The problem —
Look in the listing below for the line that has "Q: Is the text bold? A: Semi-bold.", then return it and each following line up to and including the one with "The image shows 29", exactly and without pictures.

Available data —
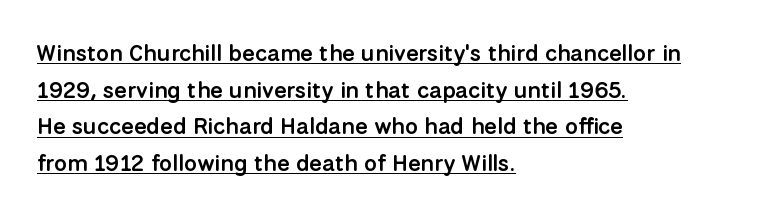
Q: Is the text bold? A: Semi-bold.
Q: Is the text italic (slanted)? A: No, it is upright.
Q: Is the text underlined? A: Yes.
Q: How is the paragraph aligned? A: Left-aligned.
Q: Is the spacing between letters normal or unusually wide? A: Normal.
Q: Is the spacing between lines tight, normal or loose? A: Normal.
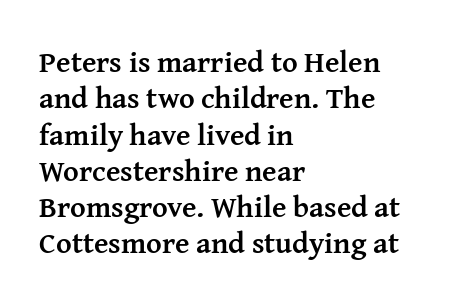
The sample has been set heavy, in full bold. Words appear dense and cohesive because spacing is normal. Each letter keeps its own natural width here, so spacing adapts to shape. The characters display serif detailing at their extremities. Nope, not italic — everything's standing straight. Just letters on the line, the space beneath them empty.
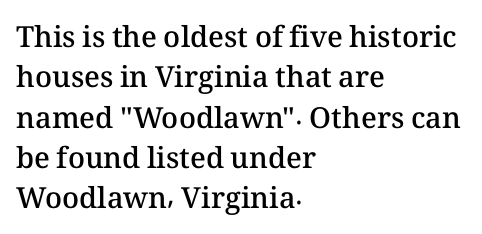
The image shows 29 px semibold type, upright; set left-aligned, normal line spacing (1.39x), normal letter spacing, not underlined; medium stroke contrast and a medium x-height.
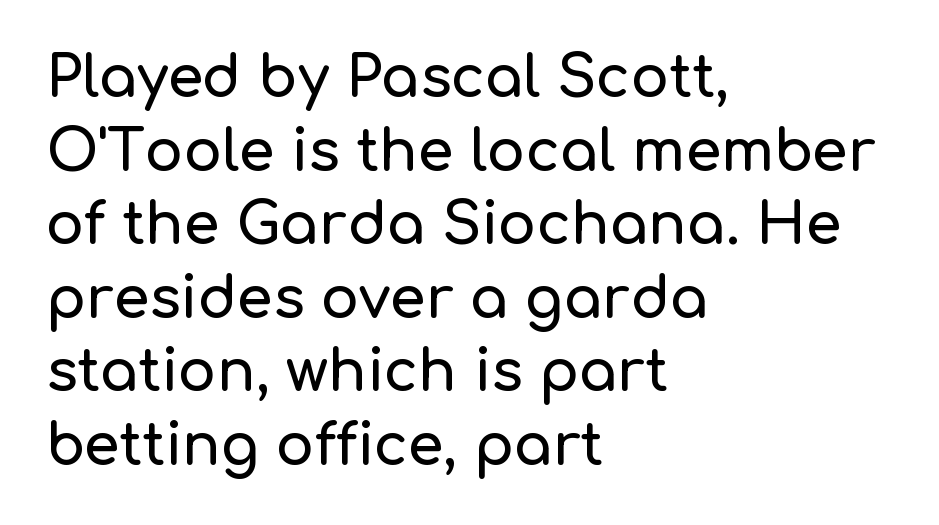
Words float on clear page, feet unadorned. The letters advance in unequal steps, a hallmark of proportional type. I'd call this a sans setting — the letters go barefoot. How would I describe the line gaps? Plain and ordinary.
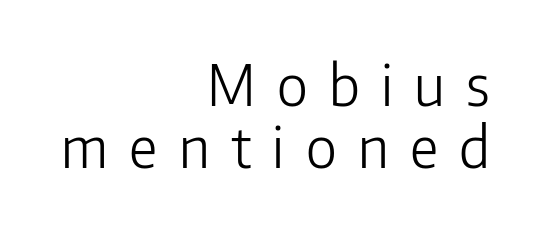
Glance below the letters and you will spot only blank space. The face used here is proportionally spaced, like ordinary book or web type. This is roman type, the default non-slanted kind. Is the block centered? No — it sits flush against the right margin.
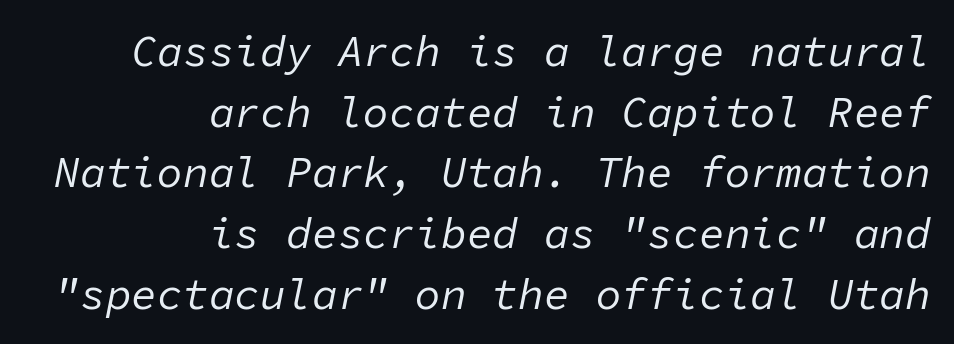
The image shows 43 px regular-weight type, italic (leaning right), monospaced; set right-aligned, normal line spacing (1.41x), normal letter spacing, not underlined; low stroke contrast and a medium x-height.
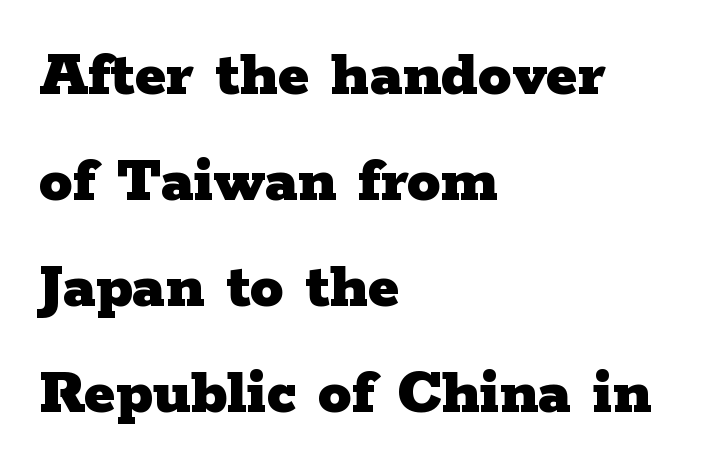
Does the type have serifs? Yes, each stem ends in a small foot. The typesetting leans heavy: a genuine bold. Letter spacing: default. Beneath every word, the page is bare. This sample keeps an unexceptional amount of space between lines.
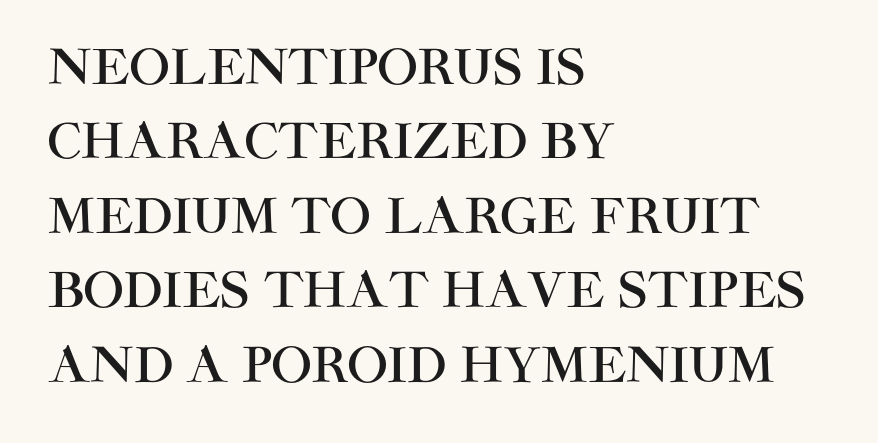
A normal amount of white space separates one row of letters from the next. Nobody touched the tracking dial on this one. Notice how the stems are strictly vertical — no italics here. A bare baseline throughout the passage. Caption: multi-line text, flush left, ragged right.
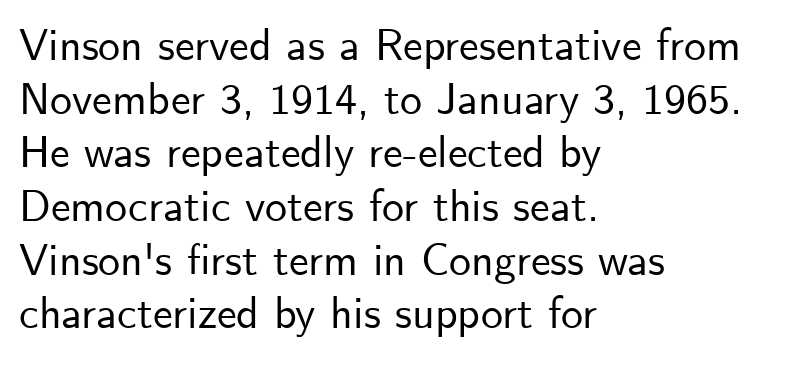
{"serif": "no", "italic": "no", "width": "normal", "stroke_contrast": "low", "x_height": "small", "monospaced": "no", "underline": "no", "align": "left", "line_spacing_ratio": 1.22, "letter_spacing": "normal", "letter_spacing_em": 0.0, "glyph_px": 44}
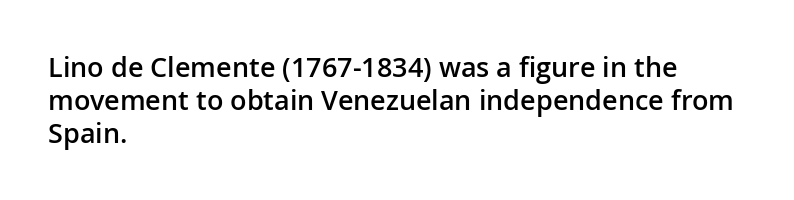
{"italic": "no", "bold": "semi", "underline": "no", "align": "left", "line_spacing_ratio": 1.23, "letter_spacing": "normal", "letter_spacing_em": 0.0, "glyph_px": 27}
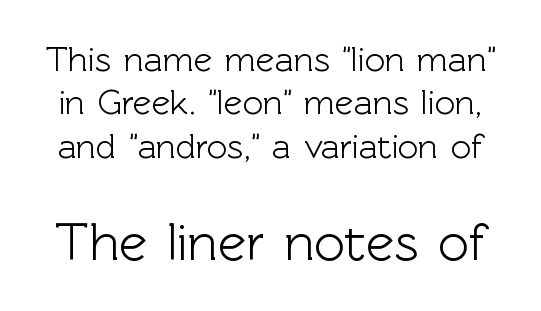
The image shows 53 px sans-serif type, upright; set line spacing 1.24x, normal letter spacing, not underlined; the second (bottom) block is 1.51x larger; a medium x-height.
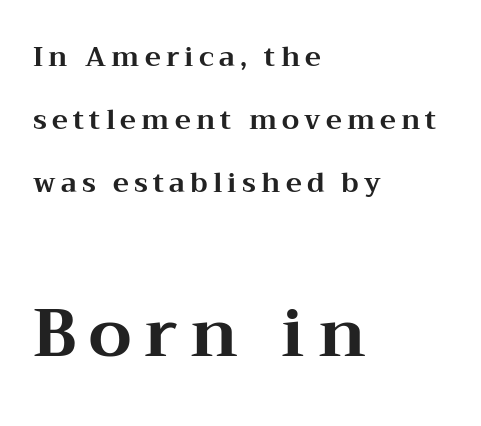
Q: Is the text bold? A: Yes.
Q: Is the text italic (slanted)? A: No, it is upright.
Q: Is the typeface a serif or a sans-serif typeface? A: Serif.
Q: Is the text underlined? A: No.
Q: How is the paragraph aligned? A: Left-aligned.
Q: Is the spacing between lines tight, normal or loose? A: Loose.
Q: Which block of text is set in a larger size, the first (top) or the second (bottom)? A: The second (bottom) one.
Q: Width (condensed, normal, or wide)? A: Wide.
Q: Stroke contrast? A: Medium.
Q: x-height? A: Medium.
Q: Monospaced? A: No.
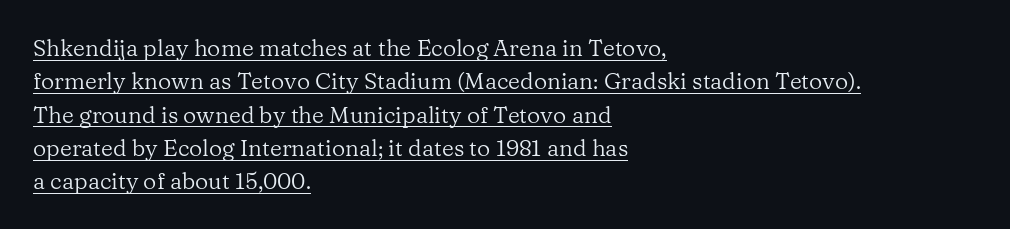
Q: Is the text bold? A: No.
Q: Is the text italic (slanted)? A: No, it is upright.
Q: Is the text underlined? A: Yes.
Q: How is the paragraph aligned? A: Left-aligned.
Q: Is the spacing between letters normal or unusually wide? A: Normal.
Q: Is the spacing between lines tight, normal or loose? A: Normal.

--

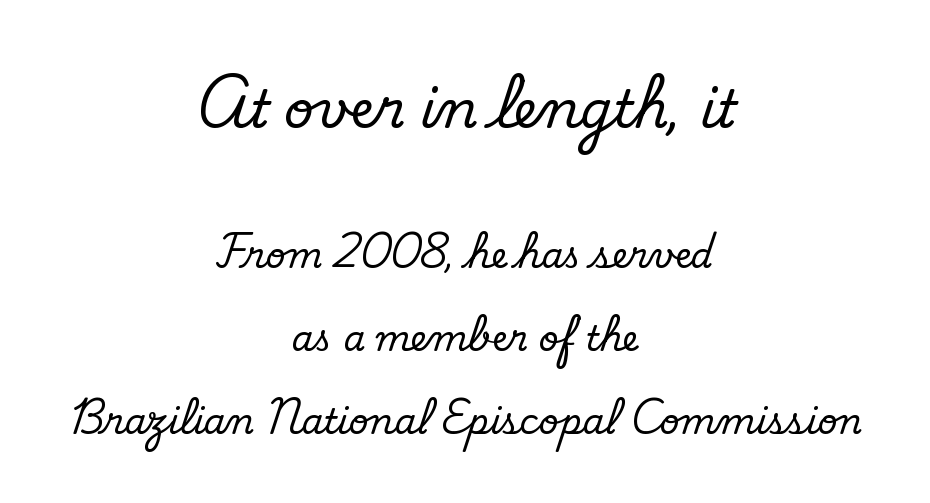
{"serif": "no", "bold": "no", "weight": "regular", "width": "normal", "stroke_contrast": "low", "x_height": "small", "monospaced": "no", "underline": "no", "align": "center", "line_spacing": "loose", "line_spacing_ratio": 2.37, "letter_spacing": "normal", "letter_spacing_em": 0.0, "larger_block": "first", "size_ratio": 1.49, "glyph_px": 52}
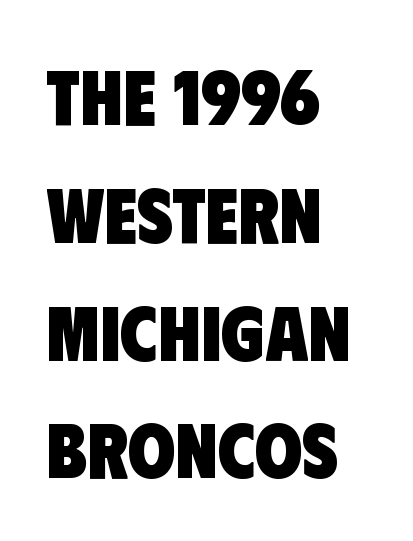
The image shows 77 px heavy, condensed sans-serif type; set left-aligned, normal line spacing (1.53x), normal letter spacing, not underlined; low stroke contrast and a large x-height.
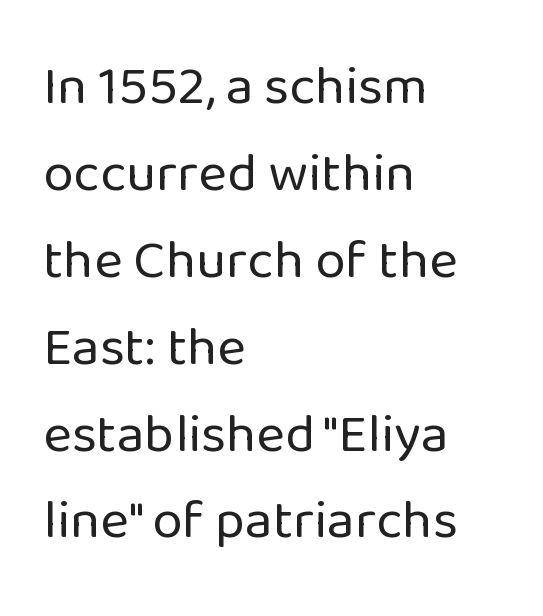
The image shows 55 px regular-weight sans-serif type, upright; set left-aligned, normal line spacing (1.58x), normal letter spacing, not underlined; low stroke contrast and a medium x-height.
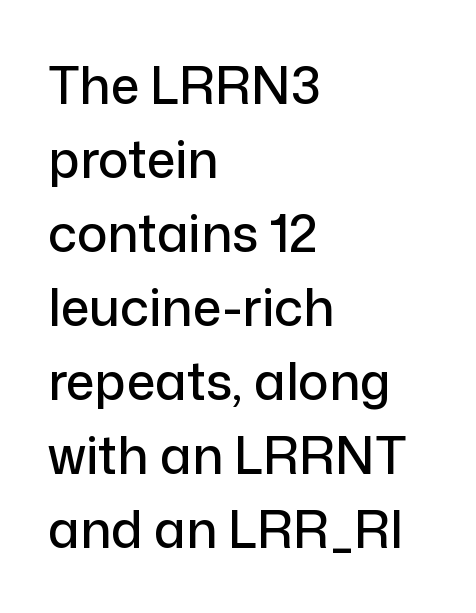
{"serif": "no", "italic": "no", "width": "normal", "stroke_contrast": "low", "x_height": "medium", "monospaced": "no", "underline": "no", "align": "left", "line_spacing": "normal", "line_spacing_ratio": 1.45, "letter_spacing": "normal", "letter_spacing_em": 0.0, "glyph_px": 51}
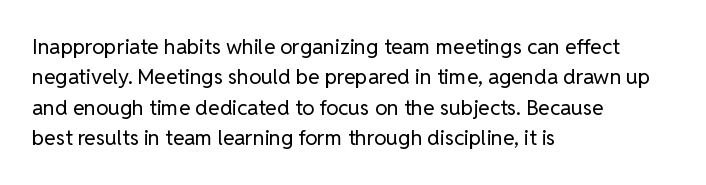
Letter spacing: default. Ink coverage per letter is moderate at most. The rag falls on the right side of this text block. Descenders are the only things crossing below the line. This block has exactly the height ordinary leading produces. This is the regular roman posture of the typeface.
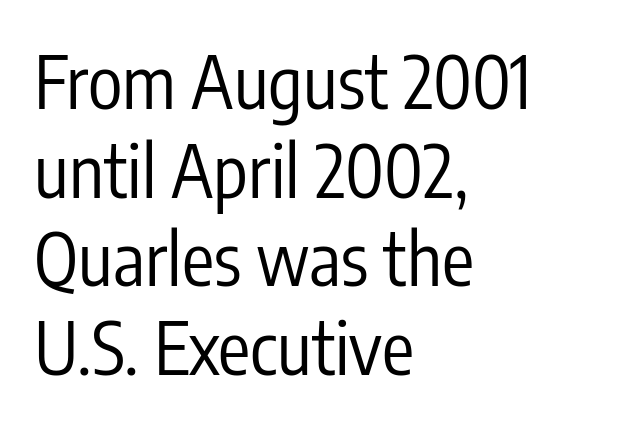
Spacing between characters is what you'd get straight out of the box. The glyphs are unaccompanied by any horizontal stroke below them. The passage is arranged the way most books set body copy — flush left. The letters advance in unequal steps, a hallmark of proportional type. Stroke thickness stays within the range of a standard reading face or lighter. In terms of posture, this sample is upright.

--

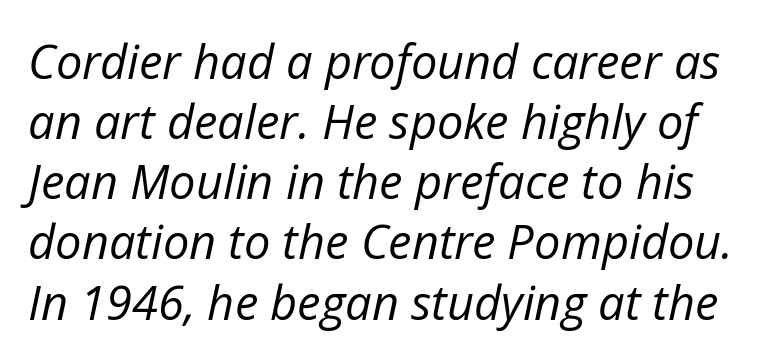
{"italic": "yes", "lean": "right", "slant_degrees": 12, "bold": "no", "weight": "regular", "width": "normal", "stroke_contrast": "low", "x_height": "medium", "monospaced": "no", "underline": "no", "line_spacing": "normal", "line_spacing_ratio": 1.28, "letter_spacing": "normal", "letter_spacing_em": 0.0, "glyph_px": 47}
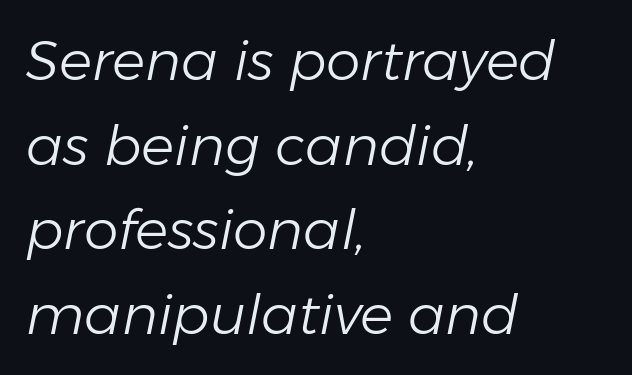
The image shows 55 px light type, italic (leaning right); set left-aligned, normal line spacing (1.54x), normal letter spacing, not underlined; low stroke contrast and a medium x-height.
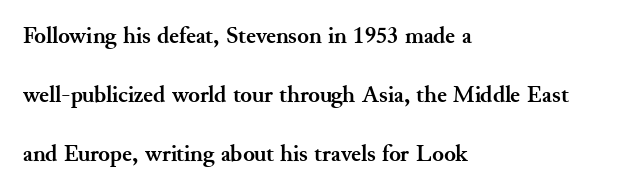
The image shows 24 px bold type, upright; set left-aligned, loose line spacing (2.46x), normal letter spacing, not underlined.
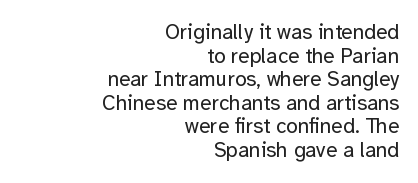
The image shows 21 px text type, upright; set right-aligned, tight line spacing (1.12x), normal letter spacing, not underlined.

Solution to this problem —
Q: Is the text bold? A: Semi-bold.
Q: Is the text italic (slanted)? A: No, it is upright.
Q: Is the text underlined? A: Yes.
Q: How is the paragraph aligned? A: Left-aligned.
Q: Is the spacing between letters normal or unusually wide? A: Normal.
Q: Is the spacing between lines tight, normal or loose? A: Normal.
The sample has been set heavy, in full bold. Words appear dense and cohesive because spacing is normal. Each letter keeps its own natural width here, so spacing adapts to shape. The characters display serif detailing at their extremities. Nope, not italic — everything's standing straight. Just letters on the line, the space beneath them empty.
The image shows 29 px semibold type, upright; set left-aligned, normal line spacing (1.39x), normal letter spacing, not underlined; medium stroke contrast and a medium x-height.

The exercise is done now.